Generation X also hates meetings and spending time talking things over. They prefer to get in, do the work, and get out. This is also why The Big Chill is so different from Hot Tub Time Machine. All they do in the Big Chill is sit around and talk and analyze and occasionally fight or make love. Hot Tub is nonstop activity with numerous stories going on at once. As in Big Chill, these old college buddies are drawn together by the attempted suicide of one of their friends. They decide to revisit an old ski resort where they felt their greatest triumphs occurred. Each middle aged man tried to regain the ‘glory’ of the past only to realize it wasn’t that glorious. I have to agree with that summation. As I watched Adam and Lou fighting over whether to stay in the past or return to the present I asked myself what my decision would be.

The past is a great place to visit but nobody should have to live there.
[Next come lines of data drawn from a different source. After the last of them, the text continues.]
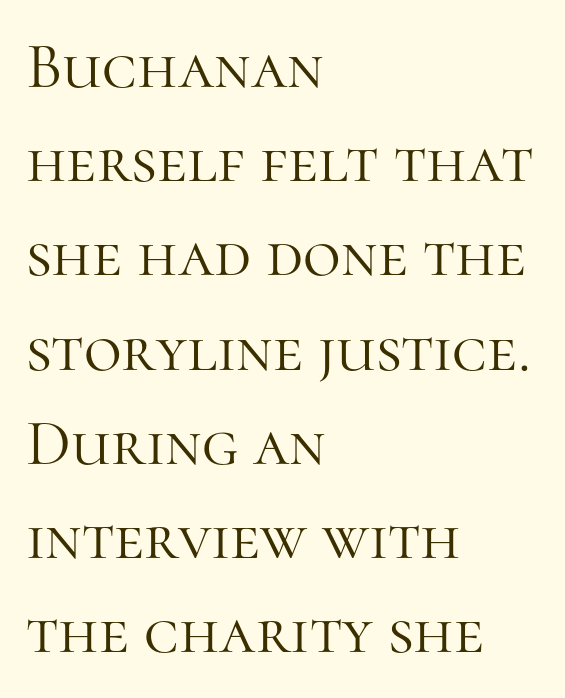
{"serif": "yes", "italic": "no", "bold": "no", "weight": "light", "width": "normal", "stroke_contrast": "high", "x_height": "medium", "monospaced": "no", "underline": "no", "align": "left", "line_spacing": "normal", "line_spacing_ratio": 1.45, "letter_spacing": "normal", "letter_spacing_em": 0.0, "glyph_px": 65}
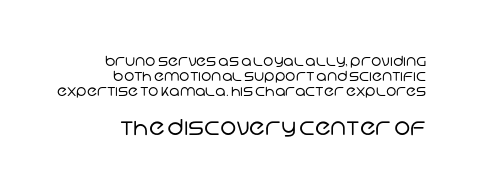
Vertically, the passage feels compressed, each row crowding the next. The emphasis by scale lands on block number two, below. Compared with typical body copy, the letter spacing here is the same. No word sits above an underline. One-word summary of the alignment: right. Weight: in the light-to-regular range.
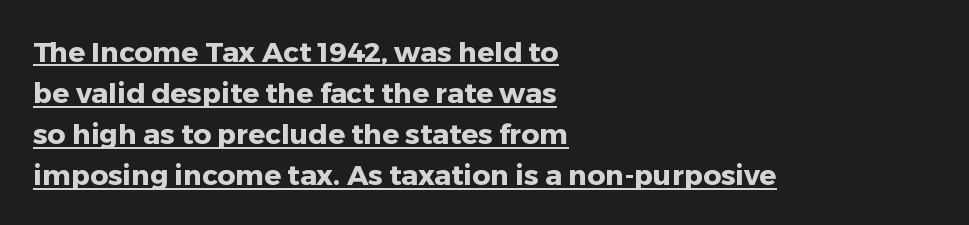
The image shows 28 px heavy sans-serif type, upright; set left-aligned, normal line spacing (1.47x), normal letter spacing, underlined; low stroke contrast and a medium x-height.

Those who do live in the past never grow. I remember the 80’s as being an awkward time. Materialism and fads were the focus. If you couldn’t keep up, you were out.  Life could sometimes be humiliating when you didn’t fit in anywhere. I wouldn’t trade the self awareness I have gained for all the youth and muscle tone of my teenage body. I look at my senior picture and see a beautiful girl but I didn’t feel that way at the time. I hated myself. Now I am not so fond of the numbers on the scale but I feel more content with whom I am inside.

Did my life turn out the way I thought it would? No, but sometimes our childish dreams aren’t what is meant to happen. Sometimes life happens and we deal with it as it comes and our ideals alter. That is called growth.

I still haven’t grown up. I have matured. But as I age I have found more reasons to love life than ever before. More reasons for contentment than ever before. Statistics say Generation X refuses to grow up as a whole. If maintaining a spirit of play and insouciance is the byproduct of growing up in the shadow of the baby boomers, I think we have coped quite well. Maybe we can show future generations that having fun doesn’t have to end. My thirties have been an engaging and life altering journey. I can’t wait for the forties!